Coach Clum designed a wrestling schedule that purposely overmatched them. Redding’s wrestling team never had a winning season, but the boys were unafraid to lose—and when they won an occasional match, they were elated. Jack found out only later, when he was at a better school, that everyone hated to wrestle Redding. Redding boys relished taking a pounding—they were often beaten but rarely pinned—and, boy, were they nice.
“When you lose, tell your opponent how good he is,” Loomis instructed the younger boys on the team. “When you win, tell him you’re sorry—say you’ve been in his situation, even if you haven’t.”
They were competing against a school in Bath, Maine, when Jack won his first match. He was wrestling a strong but clumsy kid who’d never seen a cross-face cradle before. Jack was making the cradle tighter, the way Loomis had shown him, when the kid from Bath bit him. He sank his teeth into Jack’s forearm, drawing blood. Jack could see the boy’s face; there was no malevolence or awareness of wrongful conduct in the Bath wrestler’s eyes, only fear.
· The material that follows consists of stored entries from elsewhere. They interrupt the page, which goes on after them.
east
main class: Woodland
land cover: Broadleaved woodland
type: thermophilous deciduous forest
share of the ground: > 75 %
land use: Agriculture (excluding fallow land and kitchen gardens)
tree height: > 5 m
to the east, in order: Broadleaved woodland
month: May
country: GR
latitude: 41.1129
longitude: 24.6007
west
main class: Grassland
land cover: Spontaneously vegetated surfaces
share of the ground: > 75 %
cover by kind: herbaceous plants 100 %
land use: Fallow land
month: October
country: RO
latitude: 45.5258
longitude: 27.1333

Possibly the kid from Bath was afraid of losing, especially of being pinned—more likely, he was terrified of being hurt. He was fighting for his life, the way a captured animal would fight.
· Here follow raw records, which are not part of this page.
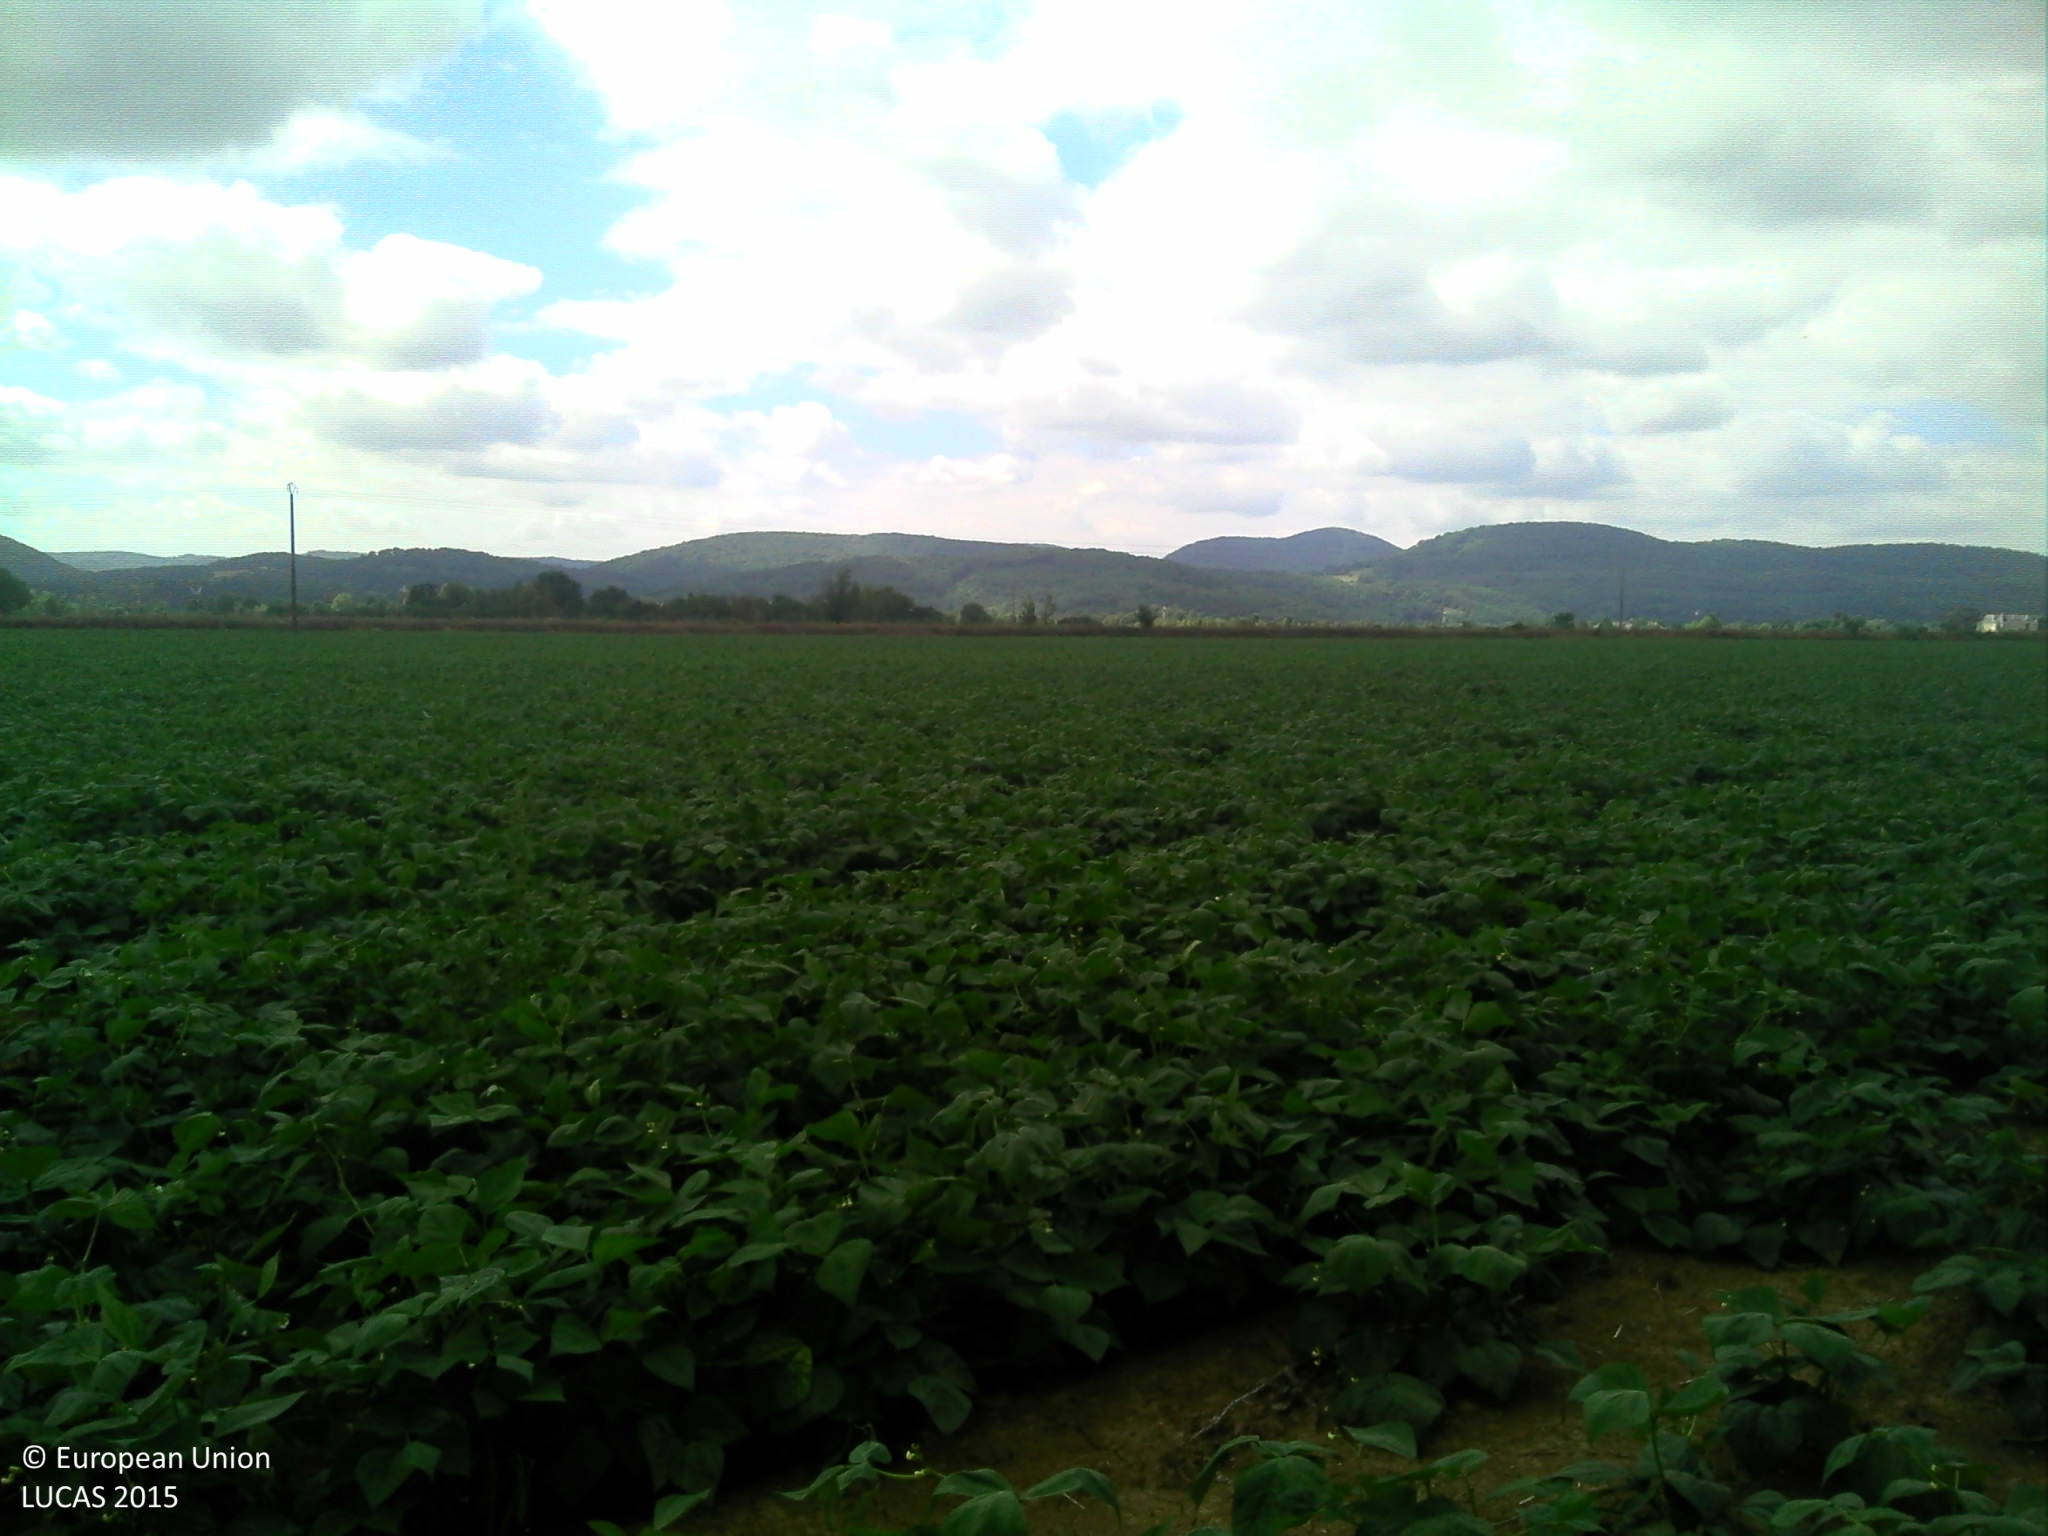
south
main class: Cropland
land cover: Other fresh vegetables
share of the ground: > 75 %
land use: Agriculture (excluding fallow land and kitchen gardens)
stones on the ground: < 10 %
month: July
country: FR
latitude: 43.2196
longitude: 1.0531

Jack let him go. The bite-wound was obvious—wrestlers from both teams solemnly had a look at it—and the kid from Bath was disqualified for unsportsmanlike behavior, which amounted to the same number of points for Redding that Jack would have won for a fall.
“I’m sorry,” Jack told the biter. “I’ve been in your situation.” The kid from Bath looked humiliated, inconsolable.
Loomis was shaking his head. “What?” Jack asked him.
“You don’t say you’ve been in his situation to a biter, Jack.”
So there were rules to be learned at Redding; learning the rules was what made Jack feel at home there.
Mrs. Adkins, a virtual widow to her husband’s fund-raising trips on behalf of the school, taught English and served as casting director for the school’s weekly Drama Night. She was a severely depressed woman in her fifties—an unhappy-looking, washed-out blonde. Her pallor was gold-going-gray, a fair-turning-to-slate complexion. Her clothes seemed a size too large for her, as if she suffered from a disease that was shrinking her.
Her gift for casting was a profoundly restless or roving one—causing her to visit, unannounced, classes in all manner of subjects. Mrs. Adkins would just walk into the classroom and pace among the students, while the class continued in as undistracted a fashion as possible.
“Pretend I’m not here,” she would say to the fifth graders. (Mrs. Adkins assumed that the older boys already knew to ignore her.)
There might be a note in your school mailbox after her appearance in your class:
See me.—Mrs. A.
In Jack’s fifth- and sixth-grade years, he was usually cast as a woman. He was by far the prettiest of the boys at Redding, and—from the glowing recommendations of Miss Wurtz and Mr. Ramsey—Mrs. Adkins knew he had female acting credentials.
By the time Jack was in seventh and eighth grade, and he was more than occasionally picked for a male role, Mrs. Adkins had dispensed with leaving notes in his mailbox. Her touch on his shoulder was, he knew, a see-me touch.